A great cartoon should spring from a common set of values, a shared culture, the way Marlette's work sprang from his Southernness, yet not be afraid of questioning that culture.


Among my own favorite practitioners of the trade would be classic cartoonists like D.R. Fitzpatrick of the old St. Louis Post-Dispatch, George Fisher of the old Arkansas Gazette, and, my favorite of favorites, Bill Mauldin of Stars and, in civilian life, the St. Louis Post-Dispatch and then the Chicago Sun-Times. Because he wasn't only a comic. He didn't just make people laugh but moved them to sigh, think, agree or disagree, mutter angrily or shout Amen, Hallelujah and Selah! He had a point of view. He had something to say, not just entertain us with.

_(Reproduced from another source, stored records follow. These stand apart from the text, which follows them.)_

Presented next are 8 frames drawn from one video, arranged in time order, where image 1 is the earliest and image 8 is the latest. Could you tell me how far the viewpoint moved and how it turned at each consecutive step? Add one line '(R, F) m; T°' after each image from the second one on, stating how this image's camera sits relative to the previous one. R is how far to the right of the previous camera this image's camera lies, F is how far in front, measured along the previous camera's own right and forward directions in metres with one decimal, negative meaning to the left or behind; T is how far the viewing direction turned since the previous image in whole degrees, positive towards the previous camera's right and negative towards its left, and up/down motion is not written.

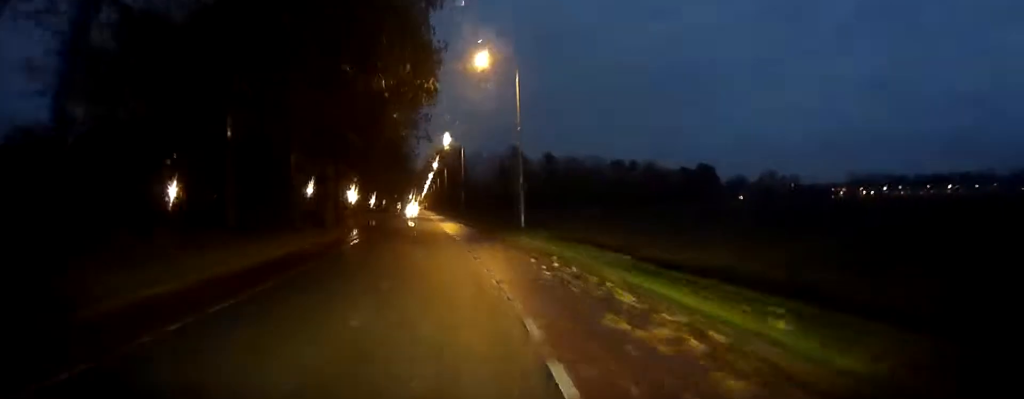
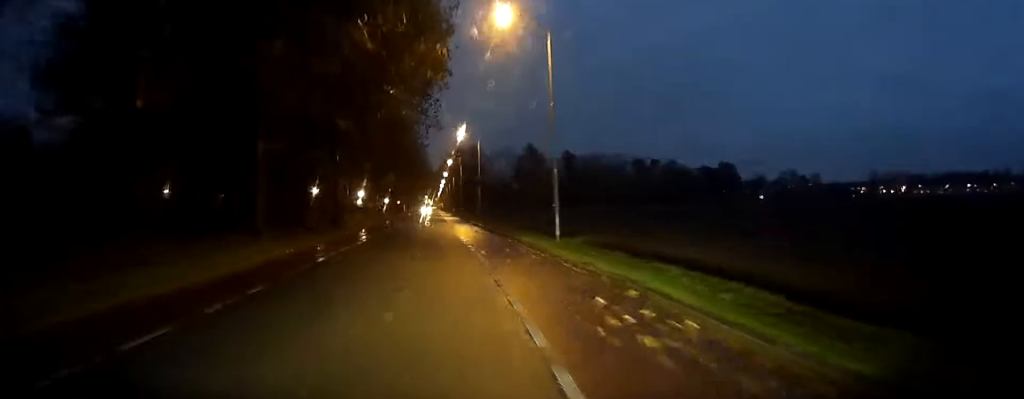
(-0.1, +6.3) m; -2°
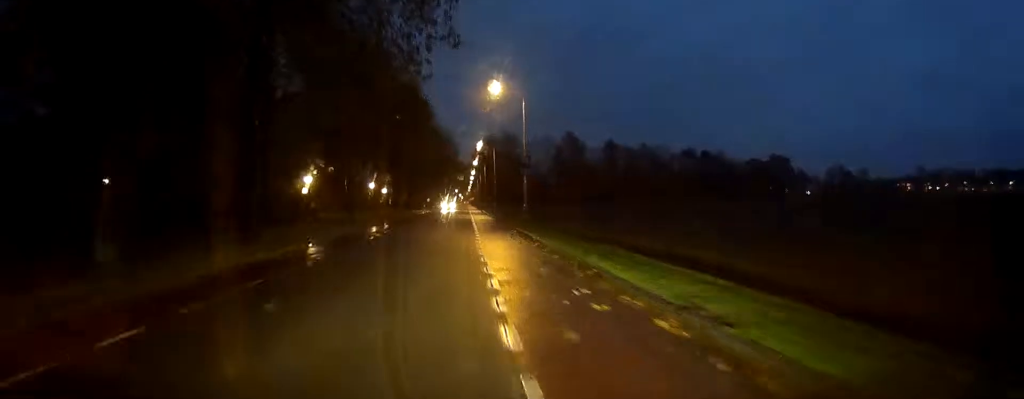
(-0.7, +20.6) m; -2°
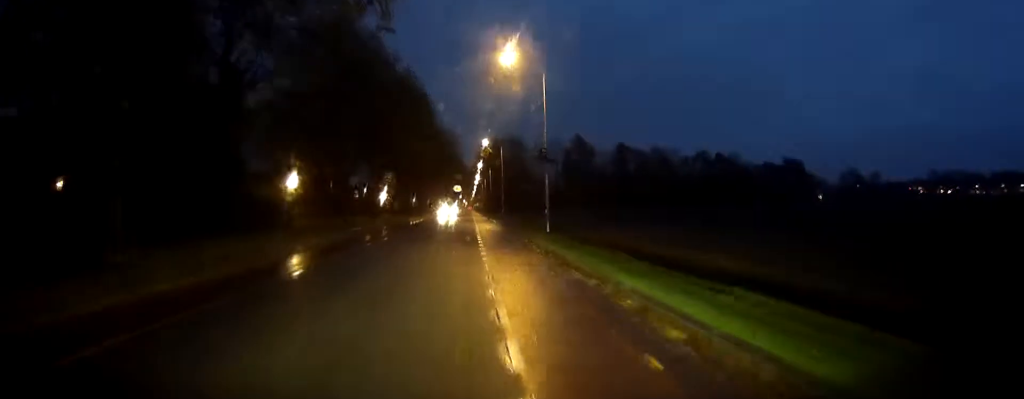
(0.0, +8.7) m; 0°
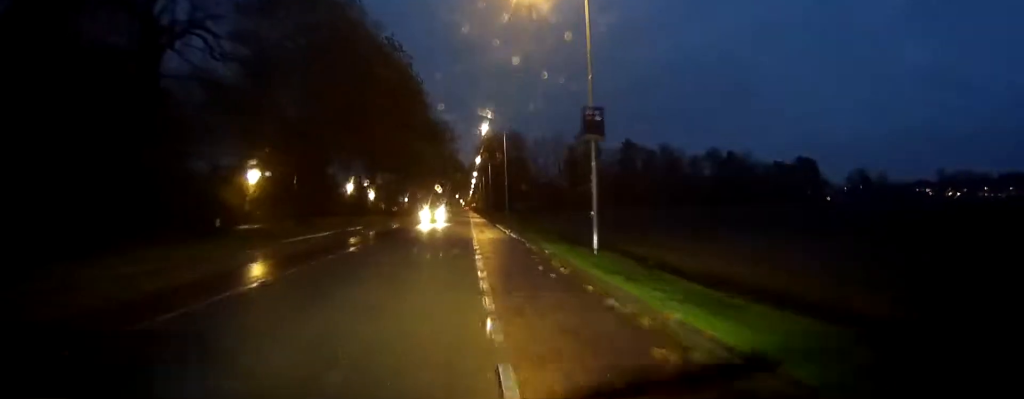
(+0.1, +11.1) m; +1°
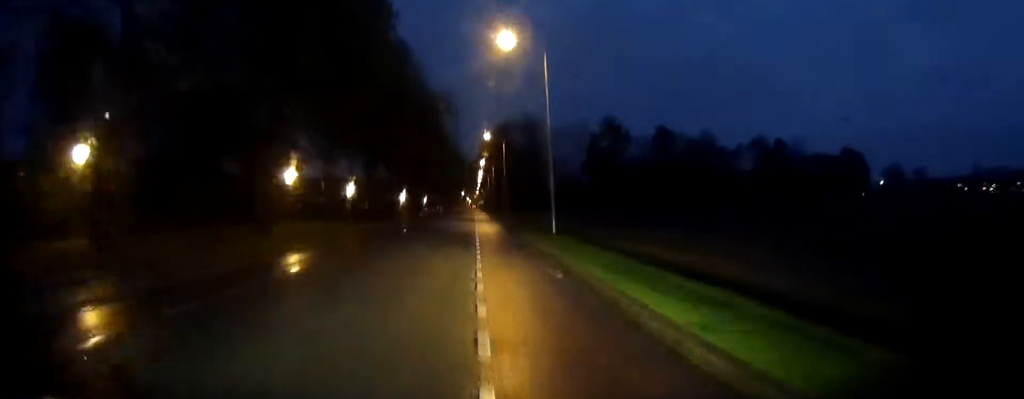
(+0.5, +27.8) m; +1°
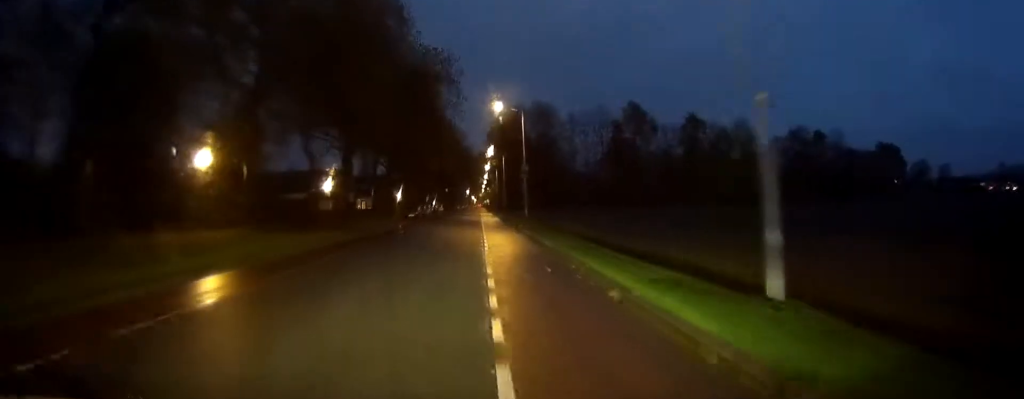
(-0.2, +17.9) m; -1°
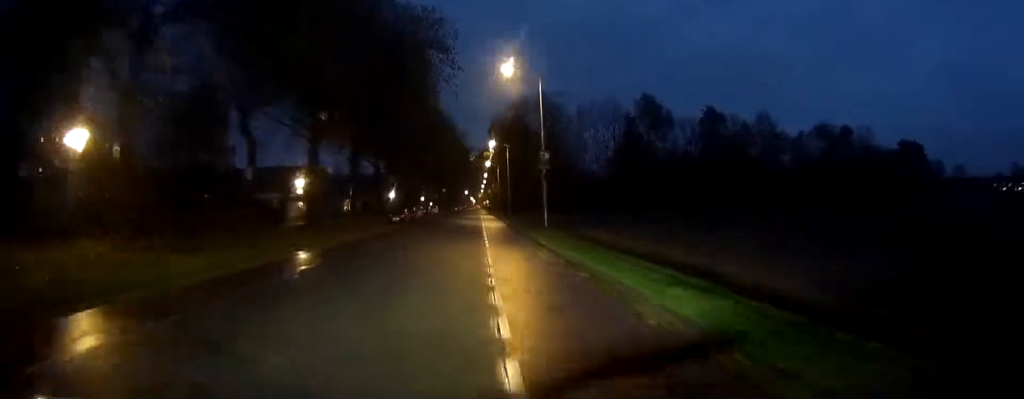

I would've included Herblock on my list of greats if he'd stopped drawing a decade or two earlier than he did. He wound up just repeating the icons he'd made part of the American mind: Richard Nixon with 5 o'clock shadow climbing out of a sewer, The Bomb looming over all. A great artist grows; he doesn't just keep repeating his earlier work, however powerful.


There are still some cartoonists who may prove to be in Bill Mauldin's major league. The name Michael Ramirez comes to mind. Naturally the Los Angeles Times dropped him as it entered its mediocre phase, and his base is now Investor's Business Daily. But his kind of talent, and gumption, is rare.


Too many of today's political cartoonists spread themselves too thin. Talent may be limitless but not time or energy, which needs to be focused if it is to give us something more than a quick laugh. Or maybe even a view of the human condition.